Our debut album, Slow Walking Water available now!


The happy Finn

16th of june was booked since a couple of weeks back. Me and Fredrik found one single night we were able to go fishing together. It turned out to be a very beautiful evening as we arrived to the coast at sunset. Our friend Joel joined us and we were looking forward to the night fishing for sea trout. These midsummer nights have been good and we had a good feeling about the trip. When we got to the shore we saw that the water lever was very low and the wind was blowing from the “wrong” direction. Maybe it wasn’t going to be as good as we expected after all.

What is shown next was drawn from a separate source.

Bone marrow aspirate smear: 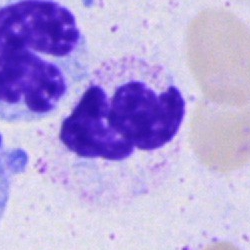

After some casts, coffee and sandwitches we had landed a couple of trout babies but saw nothing bigger. Then at the darkest hour Fredrik found a couple of feeding fish and was eagerly casting on those. He put on a really slim, simple fly and tried to present it very slowly. That seemed to be the trick. He lost one good fish and a missed a couple of strikes, but after a moment he landed a beautiful, big seatrout around 2,5 kilos. He handed the fly over to me – I was working on another fish that had been up on the surface. Moments later, I managed to hook that one and land a pretty, fat seatrout around 1,5 kilos. The night was turning out to be really good after all.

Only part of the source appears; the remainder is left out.